• [Required action]:
Transcribe the listing in full, excluding any pictures.

• [Listed records]:
****

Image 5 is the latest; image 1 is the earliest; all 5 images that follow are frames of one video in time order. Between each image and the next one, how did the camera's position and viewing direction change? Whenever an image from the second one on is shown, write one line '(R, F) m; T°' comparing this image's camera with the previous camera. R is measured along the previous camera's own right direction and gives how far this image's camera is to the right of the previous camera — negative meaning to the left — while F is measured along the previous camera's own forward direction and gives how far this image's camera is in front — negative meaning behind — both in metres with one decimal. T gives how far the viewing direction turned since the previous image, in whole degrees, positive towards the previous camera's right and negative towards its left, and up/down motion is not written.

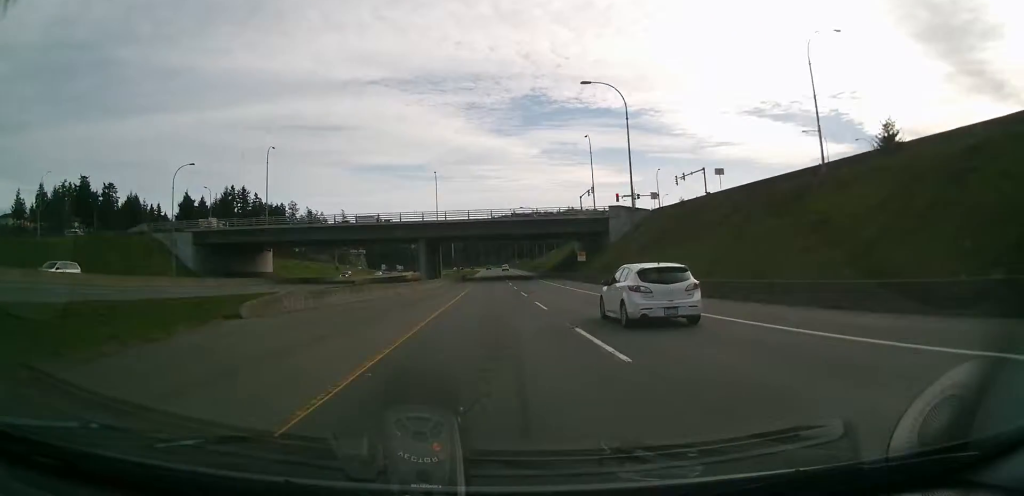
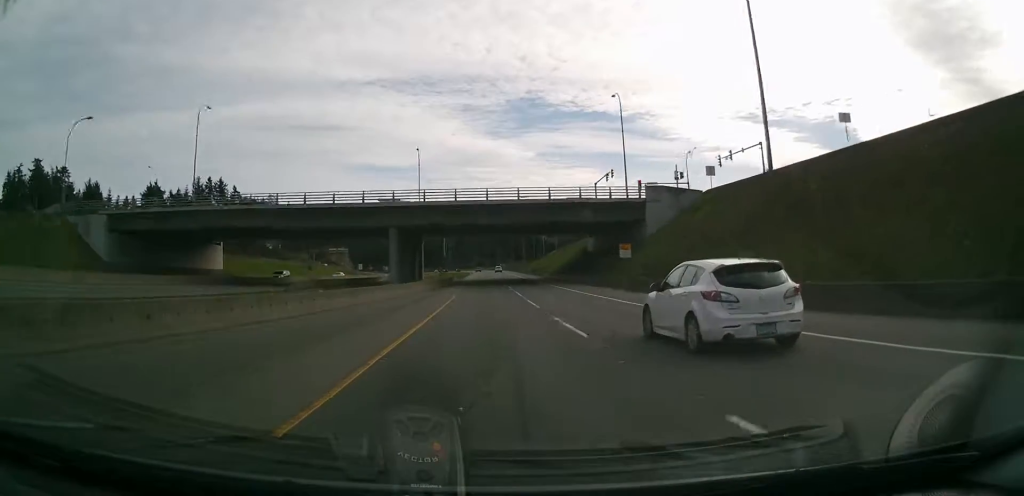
(+0.3, +21.9) m; +1°
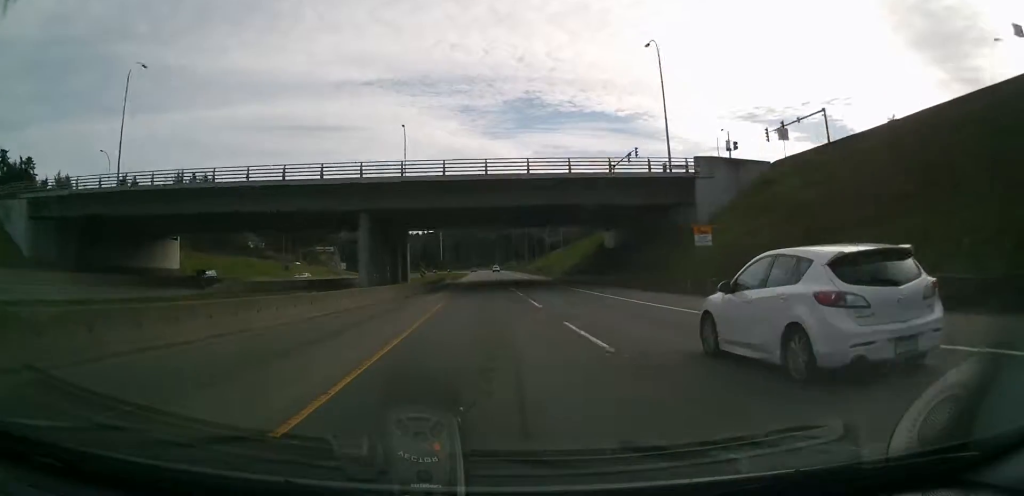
(+0.2, +15.2) m; +1°
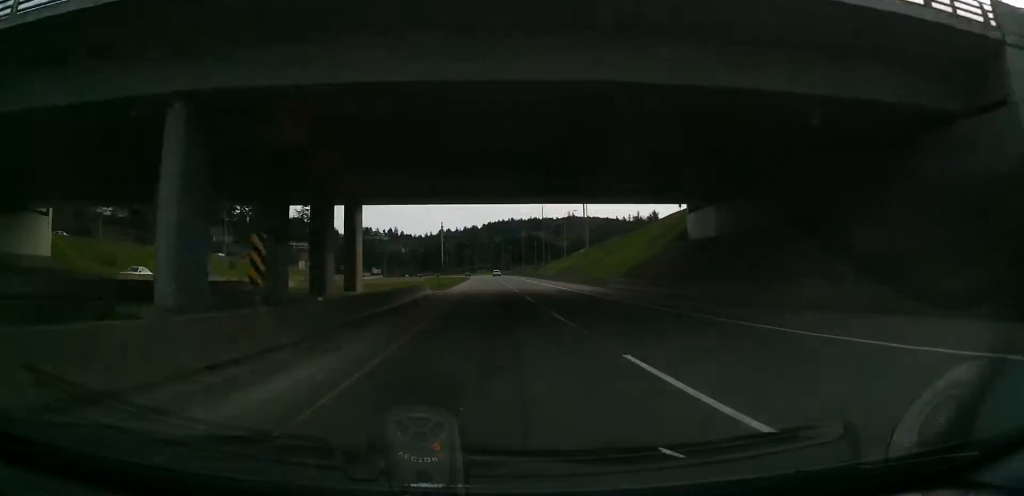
(+0.1, +31.3) m; 0°
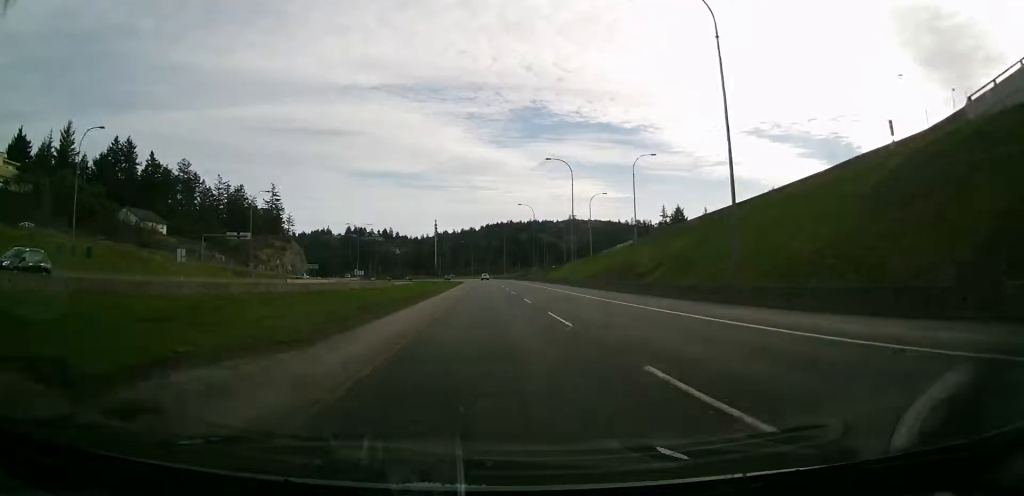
(0.0, +38.9) m; 0°

****

• [Task solution]:
Image 5 is the latest; image 1 is the earliest; all 5 images that follow are frames of one video in time order. Between each image and the next one, how did the camera's position and viewing direction change? Whenever an image from the second one on is shown, write one line '(R, F) m; T°' comparing this image's camera with the previous camera. R is measured along the previous camera's own right direction and gives how far this image's camera is to the right of the previous camera — negative meaning to the left — while F is measured along the previous camera's own forward direction and gives how far this image's camera is in front — negative meaning behind — both in metres with one decimal. T gives how far the viewing direction turned since the previous image, in whole degrees, positive towards the previous camera's right and negative towards its left, and up/down motion is not written.

(+0.3, +21.9) m; +1°
(+0.2, +15.2) m; +1°
(+0.1, +31.3) m; 0°
(0.0, +38.9) m; 0°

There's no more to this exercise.